ABA Therapy: What Parents Need to Know Before Saying Yes

Applied Behavior Analysis is the most commonly recommended autism therapy — and the most contested. Here is what the research says, what autistic adults say, and what questions every parent should ask.

ABA — Applied Behavior Analysis — is the most-covered intervention in autism research and the most debated in the autistic community. Before your child starts any program, you need to understand both sides.

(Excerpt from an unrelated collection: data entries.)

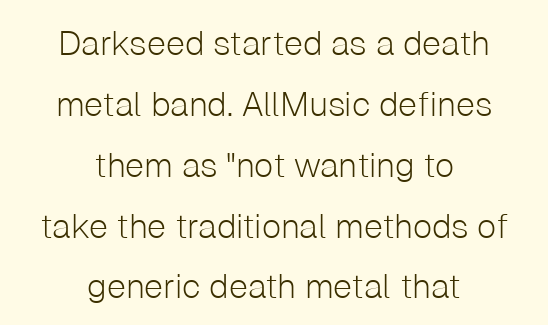
{"serif": "no", "italic": "no", "bold": "no", "weight": "light", "width": "normal", "stroke_contrast": "low", "x_height": "medium", "monospaced": "no", "underline": "no", "align": "center", "line_spacing_ratio": 1.79, "letter_spacing": "normal", "letter_spacing_em": 0.0, "glyph_px": 34}
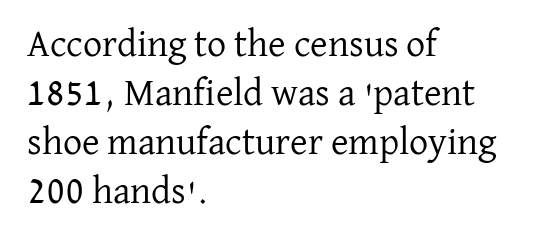
The image shows 38 px regular-weight serif type, upright; set left-aligned, normal line spacing (1.29x), normal letter spacing, not underlined; low stroke contrast and a medium x-height.
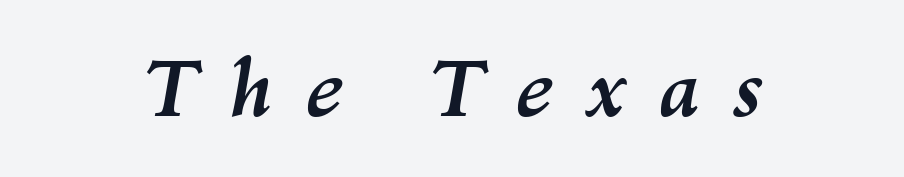
Q: Is the text bold? A: Yes.
Q: Is the text italic (slanted)? A: Yes, it leans right by about 10 degrees.
Q: Is the text underlined? A: No.
Q: How is the paragraph aligned? A: Centered.
Q: Is the spacing between letters normal or unusually wide? A: Unusually wide.
Q: Width (condensed, normal, or wide)? A: Normal.
Q: Stroke contrast? A: Medium.
Q: x-height? A: Medium.
Q: Monospaced? A: No.
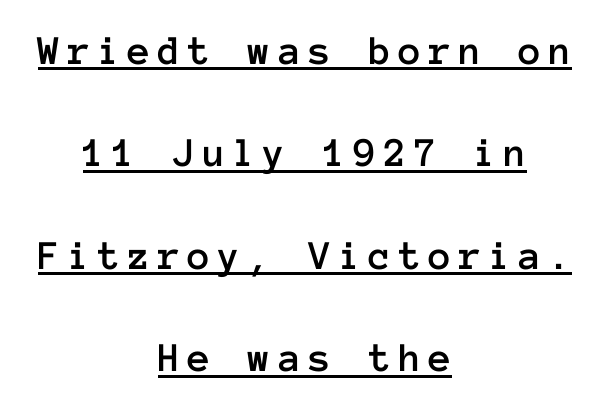
These lines are rendered in a fixed-pitch font. Each line is balanced around a shared central axis. The type sits square on the baseline with zero lean. A baseline rule has been typeset under these characters. Notice the wide empty band between every row — that's loose leading.
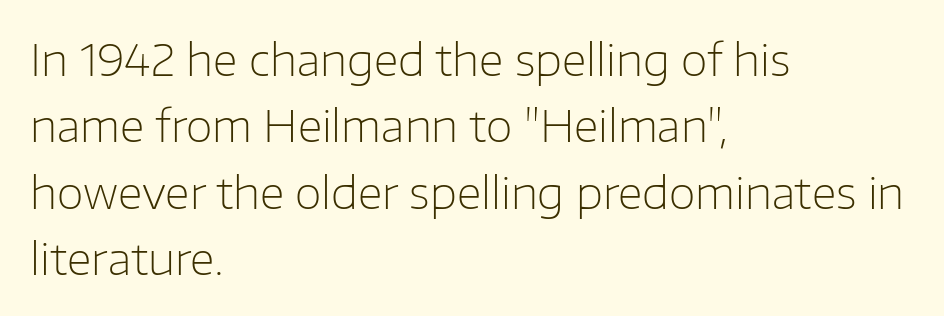
The image shows 44 px light sans-serif type, upright; set left-aligned, normal line spacing (1.51x), normal letter spacing, not underlined; low stroke contrast and a medium x-height.
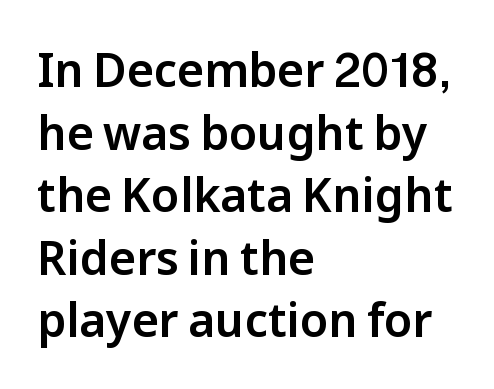
{"serif": "no", "italic": "no", "width": "normal", "stroke_contrast": "low", "x_height": "medium", "monospaced": "no", "underline": "no", "align": "left", "line_spacing": "normal", "line_spacing_ratio": 1.36, "letter_spacing": "normal", "letter_spacing_em": 0.0, "glyph_px": 46}
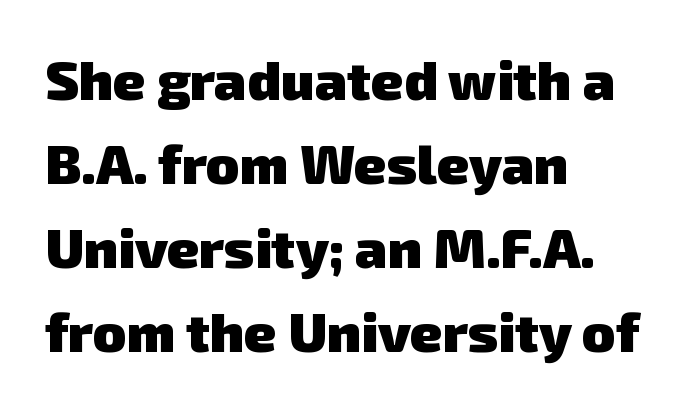
The image shows 55 px heavy sans-serif type; set left-aligned, normal line spacing (1.53x), normal letter spacing, not underlined; low stroke contrast and a medium x-height.
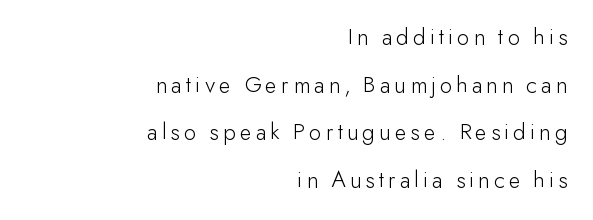
This is the regular roman posture of the typeface. If you measured baseline to baseline, you'd find a long distance. Nobody drew a line under any word here. The weight would be labelled regular, book, light, or lighter still. One-word summary of the alignment: right.
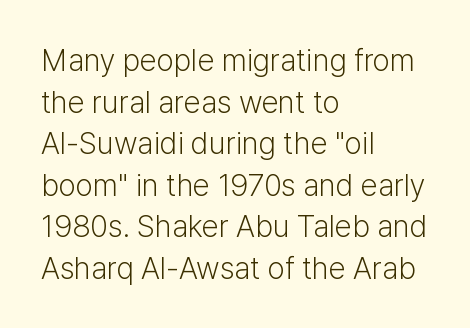
{"serif": "no", "italic": "no", "bold": "no", "weight": "light", "width": "normal", "stroke_contrast": "low", "x_height": "medium", "monospaced": "no", "underline": "no", "align": "left", "line_spacing": "normal", "line_spacing_ratio": 1.34, "letter_spacing": "normal", "letter_spacing_em": 0.0, "glyph_px": 31}
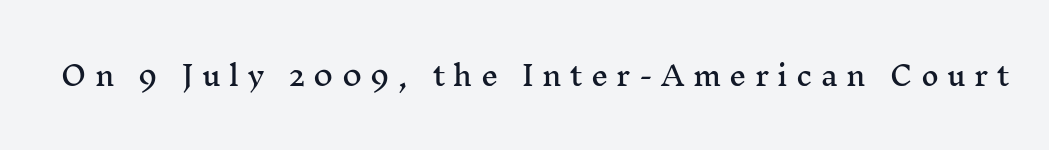
The image shows 27 px text type, upright; set unusually wide letter spacing (+0.31 em), not underlined.

The research says: ABA can build communication skills, daily living skills, and reduce behaviors that cause harm. Some studies show significant gains.

Autistic adults say: Early intensive ABA, particularly programs focused on eliminating autistic behaviors (stimming, nonverbal communication), has caused lasting harm for many. The goal of making children appear neurotypical is not the same as helping them thrive.

What to ask any ABA provider:

- Is the goal to reduce autistic traits, or to build the child's own skills and independence?

- Are natural environment teaching methods used, or primarily discrete trial training?

- How does the program respond when a child is distressed?

- Do you hire autistic staff or consultants?

The honest answer: ABA is a broad category. Some programs are deeply child-led and affirming. Others are not. Parent advocacy — knowing your rights, asking hard questions, and trusting your child — is the filter that matters most.